*The data*.
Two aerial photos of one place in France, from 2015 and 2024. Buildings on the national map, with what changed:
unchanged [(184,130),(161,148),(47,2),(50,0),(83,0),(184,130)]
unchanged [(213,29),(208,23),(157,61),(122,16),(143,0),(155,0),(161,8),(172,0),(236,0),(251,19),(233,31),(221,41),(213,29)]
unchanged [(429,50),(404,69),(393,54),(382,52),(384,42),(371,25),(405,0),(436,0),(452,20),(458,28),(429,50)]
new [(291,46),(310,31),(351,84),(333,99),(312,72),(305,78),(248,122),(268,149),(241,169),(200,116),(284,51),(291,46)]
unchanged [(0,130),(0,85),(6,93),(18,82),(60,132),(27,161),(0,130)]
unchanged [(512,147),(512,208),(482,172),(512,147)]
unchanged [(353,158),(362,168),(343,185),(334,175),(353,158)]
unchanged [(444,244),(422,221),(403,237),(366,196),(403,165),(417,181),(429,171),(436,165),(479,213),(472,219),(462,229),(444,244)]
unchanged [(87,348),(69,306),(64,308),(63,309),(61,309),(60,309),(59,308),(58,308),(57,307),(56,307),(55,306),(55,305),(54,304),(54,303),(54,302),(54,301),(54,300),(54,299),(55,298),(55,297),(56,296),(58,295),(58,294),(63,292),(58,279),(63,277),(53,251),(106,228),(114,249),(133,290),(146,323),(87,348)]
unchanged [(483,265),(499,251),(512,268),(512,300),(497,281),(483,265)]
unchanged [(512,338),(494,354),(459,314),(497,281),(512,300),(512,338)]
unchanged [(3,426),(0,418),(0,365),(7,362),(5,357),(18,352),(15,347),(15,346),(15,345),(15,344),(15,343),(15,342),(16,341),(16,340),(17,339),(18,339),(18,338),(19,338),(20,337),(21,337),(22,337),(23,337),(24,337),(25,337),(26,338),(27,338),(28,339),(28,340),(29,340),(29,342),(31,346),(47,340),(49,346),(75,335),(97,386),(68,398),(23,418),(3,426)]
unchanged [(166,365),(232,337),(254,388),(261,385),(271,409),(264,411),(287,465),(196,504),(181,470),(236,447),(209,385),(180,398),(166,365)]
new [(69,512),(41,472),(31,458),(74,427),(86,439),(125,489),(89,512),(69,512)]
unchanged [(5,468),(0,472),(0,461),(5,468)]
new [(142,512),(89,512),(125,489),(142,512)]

*Your objective*. A word-for-word copy of the material is required.

*Solution for this exercise*.
Two aerial photos of one place in France, from 2015 and 2024. Buildings on the national map, with what changed:
unchanged [(184,130),(161,148),(47,2),(50,0),(83,0),(184,130)]
unchanged [(213,29),(208,23),(157,61),(122,16),(143,0),(155,0),(161,8),(172,0),(236,0),(251,19),(233,31),(221,41),(213,29)]
unchanged [(429,50),(404,69),(393,54),(382,52),(384,42),(371,25),(405,0),(436,0),(452,20),(458,28),(429,50)]
new [(291,46),(310,31),(351,84),(333,99),(312,72),(305,78),(248,122),(268,149),(241,169),(200,116),(284,51),(291,46)]
unchanged [(0,130),(0,85),(6,93),(18,82),(60,132),(27,161),(0,130)]
unchanged [(512,147),(512,208),(482,172),(512,147)]
unchanged [(353,158),(362,168),(343,185),(334,175),(353,158)]
unchanged [(444,244),(422,221),(403,237),(366,196),(403,165),(417,181),(429,171),(436,165),(479,213),(472,219),(462,229),(444,244)]
unchanged [(87,348),(69,306),(64,308),(63,309),(61,309),(60,309),(59,308),(58,308),(57,307),(56,307),(55,306),(55,305),(54,304),(54,303),(54,302),(54,301),(54,300),(54,299),(55,298),(55,297),(56,296),(58,295),(58,294),(63,292),(58,279),(63,277),(53,251),(106,228),(114,249),(133,290),(146,323),(87,348)]
unchanged [(483,265),(499,251),(512,268),(512,300),(497,281),(483,265)]
unchanged [(512,338),(494,354),(459,314),(497,281),(512,300),(512,338)]
unchanged [(3,426),(0,418),(0,365),(7,362),(5,357),(18,352),(15,347),(15,346),(15,345),(15,344),(15,343),(15,342),(16,341),(16,340),(17,339),(18,339),(18,338),(19,338),(20,337),(21,337),(22,337),(23,337),(24,337),(25,337),(26,338),(27,338),(28,339),(28,340),(29,340),(29,342),(31,346),(47,340),(49,346),(75,335),(97,386),(68,398),(23,418),(3,426)]
unchanged [(166,365),(232,337),(254,388),(261,385),(271,409),(264,411),(287,465),(196,504),(181,470),(236,447),(209,385),(180,398),(166,365)]
new [(69,512),(41,472),(31,458),(74,427),(86,439),(125,489),(89,512),(69,512)]
unchanged [(5,468),(0,472),(0,461),(5,468)]
new [(142,512),(89,512),(125,489),(142,512)]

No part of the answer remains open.